Who is the right editor? Obviously, you need your editor to have working knowledge of the most current editing tools and techniques and to be able to execute any special editing skills your project requires. But, also, don’t ignore the creative, collaborative and personality elements that make some editors a success and others…well, not so much.

How do you find the right editor? Below is a list of interview questions that will help you suss out if an editor is good for your team and project. Before you start asking these questions, though, we impart the following advice: 

As you ask these questions, it is important to not just listen to their answers but to hear HOW the editor answers. How they answer can tell you a lot about their ability to communicate their opinions and logic, their attention to detail, and their concept of pacing and storytelling. When they tell you about past experiences, are you engaged in their story? Do they waste breath with irrelevant details? Do they fully answer your question? Are they building to a satisfying finish? How they tell their own story can shed light on how they might string one out in an edit bay too.


·      What editing systems are you proficient with?

·      What do you do to stay current on latest trends, tools and techniques?

·      Do you have the skills to meet our specialty editing needs? (motion graphics, special effects, etc.)

·      Describe a technical challenge you experienced and how you resolved it.

·      How do you handle when a client is not happy with your work?

·      How do you respond when you disagree with a client or producer’s direction on your work?

·      What is your work process?

·      How do you determine what information/sources are relevant to a cut?

·      How do you make decisions on pacing for storytelling and purposes?

·      How much time does it take you to edit a rough cut of a (insert length of time here) piece?
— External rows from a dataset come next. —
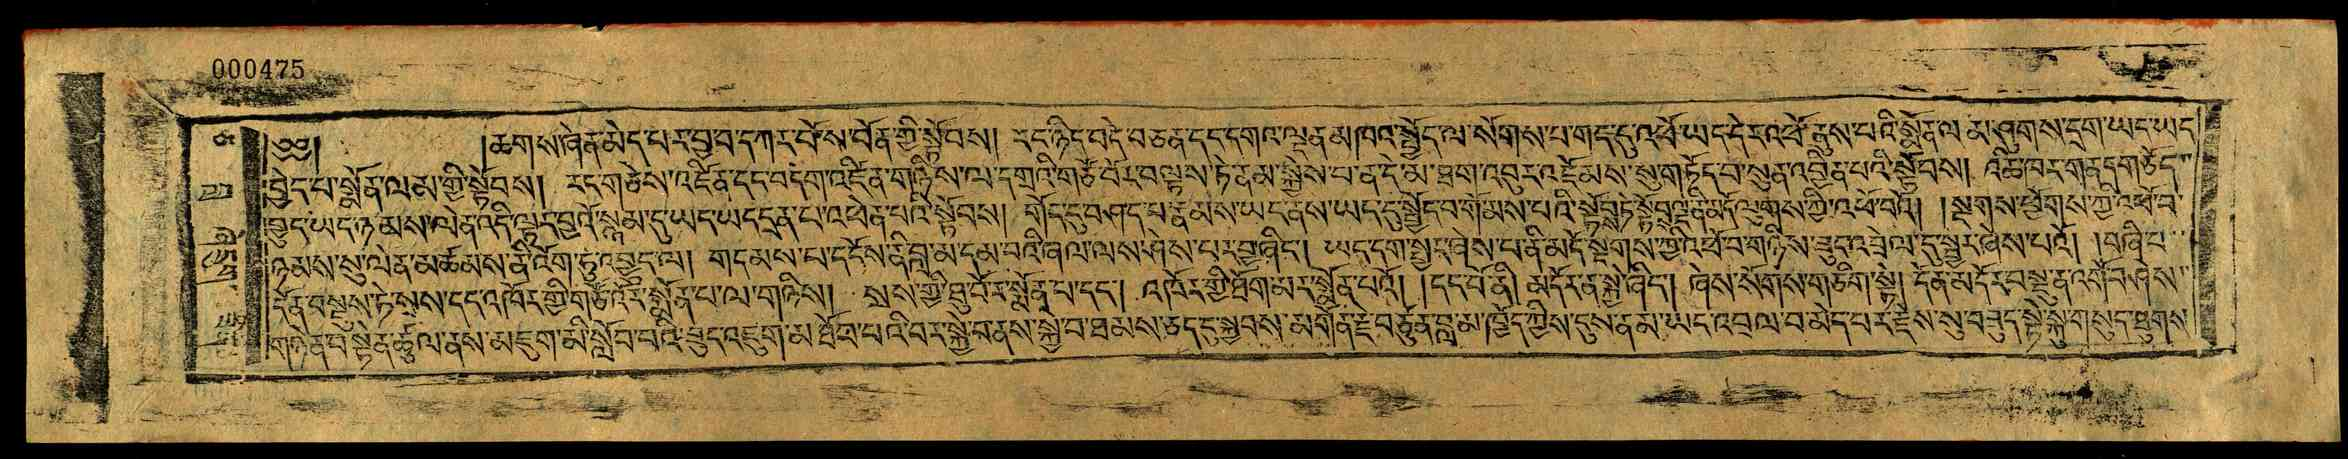༄༅། །ཆགས་ཞེན་མེད་པར་བྱ་བ་དཀར་པོ་ས་བོན་གྱི་སྟོབས། རང་ཉིད་བདེ་བ་ཅན་དང་དགའ་ལྡན་མཁའ་སྤྱོད་ལ་སོགས་པ་གང་དུ་འཕོ་ཡང་དེར་འཕོ་ནུས་པའི་སྨོན་ལམ་ཤུགས་དྲག་ཡང་ཡང་
བྱེད་པ་སྨོན་ལམ་གྱི་སྟོབས། རང་གཅེས་འཛིན་དང་བདག་འཛིན་གཉིས་ལ་དགྲའི་གཙོ་བོར་བལྟས་ཏེ་ནམ་སྐྱེས་པ་ན་དེ་མ་ཐག་འབུར་འཇོམས་སུ་གཏོང་བ་སུན་འབྱིན་པའི་སྟོབས། འཆི་ཁར་གནད་གཅོད་
བྱུང་ཡང་ཉམས་ལེན་འདི་ལྟར་བྱའོ་སྙམ་དུ་ཡང་ཡང་དྲན་པ་འཕེན་པའི་སྟོབས། གོང་དུ་བཤད་པ་རྣམས་ཡང་ནས་ཡང་དུ་སྦྱོང་བ་གོམས་པའི་སྟོབས་ཏེ་སྟོབས་ལྔ་ནི་མདོ་ལུགས་ཀྱི་འཕོ་བའོ། །སྔགས་ཕྱོགས་ཀྱི་འཕོ་བ་
ཉམས་སུ་ལེན་མཚམས་ནི་འོག་ཏུ་འབྱུང་ལ། གདམས་པ་དངོས་ནི་བླ་མ་དམ་པའི་ཞལ་ལས་ཤེས་པར་བྱ་ཞིང་། ཡང་དག་སྦྱར་ཞེས་པ་ནི་མདོ་སྔགས་ཀྱི་འཕོ་བ་གཉིས་ཟུང་འབྲེལ་དུ་སྦྱར་ཞེས་པའོ། །བཞི་པ་
དོན་བསྡུས་ཏེ་སྲས་དང་འཁོར་གྱི་གཙོ་བོར་སྨོན་པ་ལ་གཉིས། སྲས་ཀྱི་ཐུ་བོར་སྨོན་པ་དང་། འཁོར་གྱི་ཐོག་མར་སྨོན་པའོ། །དང་པོ་ནི། མདོར་ན་སྐྱེ་ཞིང་། ཞེས་སོགས་གཅིག་སྟེ། དོན་མདོར་བསྡུ་ན་འགོ་བཤེས་
གཉེན་བསྟེན་ཚུལ་ནས་མཇུག་མི་སློབ་པའི་ཟུང་འཇུག་མ་ཐོབ་པའི་བར་སྐྱེ་བ་ནས་སྐྱེ་བ་ཐམས་ཅད་དུ་སྐྱབས་མགོན་རྗེ་བཙུན་བླ་མ་ཁྱོད་ཀྱིས་དུས་ནམ་ཡང་འབྲལ་བ་མེད་པར་རྗེས་སུ་བཟུང་སྟེ་སྐུ་གསུང་ཐུགས།

·      Share an experience that demonstrates your ability to manage your time effectively and the challenges you overcame.

·      Which of your previous projects do you feel is your best work, and why?

·      Share an example of a time when you thought out of the box to solve a creative problem in a project or create a better version of the edit.

·      How much direction/collaboration vs autonomy do you prefer?

·      What television, film, etc. do you like to watch on your own time?

·      Share a time when you willingly took on additional responsibilities or challenges and how that impacted the project.

And, happy headhunting!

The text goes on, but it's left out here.